The anthem is a power trip tribute and certain powers have ruined the national team for years.

Tommy Carter
92 Posted 25/06/2018 at 19:19:23
Tony @ 85, Great point.

Allardyce has said that he'd have been looking at a draw vs Tunisia because a draw in your first game ‘isn't a bad result'.

He also said this morning on TalkSport that he'd rest Pickford vs Belgium. I'm staggered by his thinking. On what planet would that be a good idea?

Will Mabon
93 Posted 25/06/2018 at 19:27:42
Tommy, I think they do it on purpose for the talking point element, I really do.
Simon Smith
94 Posted 25/06/2018 at 19:32:24
Rest Pickford??? He's not had anything to do. I'm so glad we got rid of that man!
William Gall
95 Posted 25/06/2018 at 19:37:33
Funny thing about being an expat. I was born in Liverpool in 1940, played on Goodison Park in 1952 and have been a blue ever since.

I emigrated to Canada in 1976 and I am a Canadian citizen with a Canadian passport but return to Liverpool on numerous occasions, and when asked where I am going, I always say "back home".

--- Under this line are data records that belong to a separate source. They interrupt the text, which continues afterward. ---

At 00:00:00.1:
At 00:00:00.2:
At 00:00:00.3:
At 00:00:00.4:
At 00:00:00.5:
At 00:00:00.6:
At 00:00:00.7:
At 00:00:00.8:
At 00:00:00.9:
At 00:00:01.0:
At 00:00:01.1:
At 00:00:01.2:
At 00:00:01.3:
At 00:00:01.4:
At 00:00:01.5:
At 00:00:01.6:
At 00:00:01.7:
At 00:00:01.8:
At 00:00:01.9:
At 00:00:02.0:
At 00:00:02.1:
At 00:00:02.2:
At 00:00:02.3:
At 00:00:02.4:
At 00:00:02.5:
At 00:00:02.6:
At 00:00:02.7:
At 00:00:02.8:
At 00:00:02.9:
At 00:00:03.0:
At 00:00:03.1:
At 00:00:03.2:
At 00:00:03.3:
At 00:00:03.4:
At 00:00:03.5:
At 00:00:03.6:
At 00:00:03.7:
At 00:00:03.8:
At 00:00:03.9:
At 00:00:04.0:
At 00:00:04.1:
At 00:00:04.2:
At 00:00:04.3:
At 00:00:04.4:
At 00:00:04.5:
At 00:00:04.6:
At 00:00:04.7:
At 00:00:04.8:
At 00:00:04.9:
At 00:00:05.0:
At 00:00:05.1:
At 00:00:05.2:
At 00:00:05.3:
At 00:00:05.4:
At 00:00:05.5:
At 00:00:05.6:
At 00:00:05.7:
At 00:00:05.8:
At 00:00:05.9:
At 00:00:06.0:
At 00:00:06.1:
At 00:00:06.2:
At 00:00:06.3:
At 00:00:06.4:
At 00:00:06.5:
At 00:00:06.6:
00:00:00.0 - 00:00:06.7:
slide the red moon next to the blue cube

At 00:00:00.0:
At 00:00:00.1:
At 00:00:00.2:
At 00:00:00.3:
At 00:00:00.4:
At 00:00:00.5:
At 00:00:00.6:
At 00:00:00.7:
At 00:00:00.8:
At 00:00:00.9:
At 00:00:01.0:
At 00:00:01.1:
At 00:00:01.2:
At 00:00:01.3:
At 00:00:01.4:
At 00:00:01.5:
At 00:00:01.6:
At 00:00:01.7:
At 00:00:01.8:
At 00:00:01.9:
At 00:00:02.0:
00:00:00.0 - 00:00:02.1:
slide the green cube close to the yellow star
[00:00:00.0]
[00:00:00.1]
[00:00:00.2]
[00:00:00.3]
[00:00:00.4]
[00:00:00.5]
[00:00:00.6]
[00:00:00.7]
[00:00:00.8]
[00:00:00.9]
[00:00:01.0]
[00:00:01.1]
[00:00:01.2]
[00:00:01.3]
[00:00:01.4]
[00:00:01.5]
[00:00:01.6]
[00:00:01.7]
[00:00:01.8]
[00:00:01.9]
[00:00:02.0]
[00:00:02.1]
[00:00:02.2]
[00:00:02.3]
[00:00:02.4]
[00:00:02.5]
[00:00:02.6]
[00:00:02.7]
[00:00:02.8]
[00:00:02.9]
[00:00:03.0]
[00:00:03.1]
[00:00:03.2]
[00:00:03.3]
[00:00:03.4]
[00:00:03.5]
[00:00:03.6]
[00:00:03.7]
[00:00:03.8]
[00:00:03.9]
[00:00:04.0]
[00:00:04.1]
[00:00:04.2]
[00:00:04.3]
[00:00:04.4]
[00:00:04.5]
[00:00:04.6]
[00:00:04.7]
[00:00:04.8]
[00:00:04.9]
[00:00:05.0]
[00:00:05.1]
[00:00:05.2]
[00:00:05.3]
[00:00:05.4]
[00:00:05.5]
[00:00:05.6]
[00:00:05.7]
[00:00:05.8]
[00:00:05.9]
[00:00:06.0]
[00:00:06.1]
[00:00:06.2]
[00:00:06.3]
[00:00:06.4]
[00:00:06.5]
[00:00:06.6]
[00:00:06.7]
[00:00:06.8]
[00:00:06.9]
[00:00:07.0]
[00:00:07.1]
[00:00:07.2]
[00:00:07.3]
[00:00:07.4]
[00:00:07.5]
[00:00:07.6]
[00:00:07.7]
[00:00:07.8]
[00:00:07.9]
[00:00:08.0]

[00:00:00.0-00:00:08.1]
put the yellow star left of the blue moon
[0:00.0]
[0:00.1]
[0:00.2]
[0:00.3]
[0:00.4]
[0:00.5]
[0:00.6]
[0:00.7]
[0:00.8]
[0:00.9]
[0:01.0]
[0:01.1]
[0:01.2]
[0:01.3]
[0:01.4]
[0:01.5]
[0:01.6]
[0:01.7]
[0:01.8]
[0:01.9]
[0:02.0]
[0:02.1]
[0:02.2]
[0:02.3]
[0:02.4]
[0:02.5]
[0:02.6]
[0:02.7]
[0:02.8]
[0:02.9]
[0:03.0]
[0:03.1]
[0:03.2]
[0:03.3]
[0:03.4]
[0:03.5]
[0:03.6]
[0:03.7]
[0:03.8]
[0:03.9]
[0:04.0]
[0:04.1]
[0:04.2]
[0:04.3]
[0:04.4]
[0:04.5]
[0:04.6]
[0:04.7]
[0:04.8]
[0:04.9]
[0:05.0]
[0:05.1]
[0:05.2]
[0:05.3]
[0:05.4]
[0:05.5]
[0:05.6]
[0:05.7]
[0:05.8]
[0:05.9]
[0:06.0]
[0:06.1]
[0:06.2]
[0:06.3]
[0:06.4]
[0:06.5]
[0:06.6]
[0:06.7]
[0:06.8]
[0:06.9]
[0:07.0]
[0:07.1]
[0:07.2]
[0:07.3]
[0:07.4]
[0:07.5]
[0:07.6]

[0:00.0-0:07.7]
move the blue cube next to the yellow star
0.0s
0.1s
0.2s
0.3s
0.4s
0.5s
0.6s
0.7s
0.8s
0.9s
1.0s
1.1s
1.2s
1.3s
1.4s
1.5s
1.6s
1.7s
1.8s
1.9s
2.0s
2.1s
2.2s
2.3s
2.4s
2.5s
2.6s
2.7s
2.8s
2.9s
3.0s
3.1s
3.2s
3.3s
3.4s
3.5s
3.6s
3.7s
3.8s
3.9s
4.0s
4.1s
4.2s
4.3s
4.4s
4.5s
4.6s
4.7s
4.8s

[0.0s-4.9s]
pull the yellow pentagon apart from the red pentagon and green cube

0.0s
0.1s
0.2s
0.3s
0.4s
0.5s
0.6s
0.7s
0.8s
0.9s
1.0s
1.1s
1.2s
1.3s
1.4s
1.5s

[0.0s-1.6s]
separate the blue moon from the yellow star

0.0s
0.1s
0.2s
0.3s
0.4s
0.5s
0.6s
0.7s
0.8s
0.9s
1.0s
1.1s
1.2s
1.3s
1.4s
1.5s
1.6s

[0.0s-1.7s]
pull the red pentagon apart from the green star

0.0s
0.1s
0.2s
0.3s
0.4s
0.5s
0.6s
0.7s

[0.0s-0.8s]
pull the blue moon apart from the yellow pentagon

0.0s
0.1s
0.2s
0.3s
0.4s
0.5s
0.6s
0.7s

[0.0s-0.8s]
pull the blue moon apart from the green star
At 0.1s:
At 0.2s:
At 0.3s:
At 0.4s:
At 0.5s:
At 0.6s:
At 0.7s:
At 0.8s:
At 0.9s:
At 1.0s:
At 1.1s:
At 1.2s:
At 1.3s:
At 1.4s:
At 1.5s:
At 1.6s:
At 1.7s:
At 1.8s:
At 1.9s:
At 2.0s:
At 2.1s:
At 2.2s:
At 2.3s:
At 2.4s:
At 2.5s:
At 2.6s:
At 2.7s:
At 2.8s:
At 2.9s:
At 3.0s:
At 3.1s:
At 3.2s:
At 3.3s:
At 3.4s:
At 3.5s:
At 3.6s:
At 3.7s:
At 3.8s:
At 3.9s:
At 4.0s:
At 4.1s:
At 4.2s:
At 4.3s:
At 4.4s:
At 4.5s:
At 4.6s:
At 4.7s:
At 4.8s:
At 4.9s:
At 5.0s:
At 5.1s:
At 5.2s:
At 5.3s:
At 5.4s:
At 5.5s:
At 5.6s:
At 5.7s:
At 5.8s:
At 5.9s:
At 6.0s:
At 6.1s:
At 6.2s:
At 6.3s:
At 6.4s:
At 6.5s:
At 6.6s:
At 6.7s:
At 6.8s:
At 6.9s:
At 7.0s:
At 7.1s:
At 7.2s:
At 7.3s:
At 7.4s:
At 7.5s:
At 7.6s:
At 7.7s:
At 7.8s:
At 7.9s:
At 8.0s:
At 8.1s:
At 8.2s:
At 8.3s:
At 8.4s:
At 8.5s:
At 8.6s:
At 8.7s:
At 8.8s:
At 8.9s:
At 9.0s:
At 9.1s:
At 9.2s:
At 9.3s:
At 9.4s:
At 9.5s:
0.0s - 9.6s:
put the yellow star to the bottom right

So, even living in Canada longer than England, I will always consider Liverpool as my home and support Everton with expectations of England doing well in competitions. I had a book of tickets for Goodison Park in the 1966 World Cup Finals and watched the final and I still cheer on England

Brent Stephens
96 Posted 25/06/2018 at 19:41:30
Simon, maybe you mean you're glad we "rested" that man.
Dave Evans
97 Posted 25/06/2018 at 19:55:37
Jamie (#39),

Thanks for the answer and for putting my question in your best forehead vein pulsating bold type.

About the other thing (regularly?) on your mind about steering clear of 'meathead tough-guy douche-bags' thanks again for the advice. You seem to have some experience.

Jamie Crowley
98 Posted 25/06/2018 at 21:17:54
Don't mention it, Dave. You're welcome.
Alan J Thompson
99 Posted 27/06/2018 at 05:17:22
I hope nobody got me wrong. I always want somebody from the UK and British Isles to win or do well and when there isn't a representative then I'm for the underdog.

This rule does, of course, go out the window when Everton and any of it's players are involved and occasionally stretches to former players. However, there are some teams (Leeds of the '60s and teams that use our old grounds) to whom this will never apply.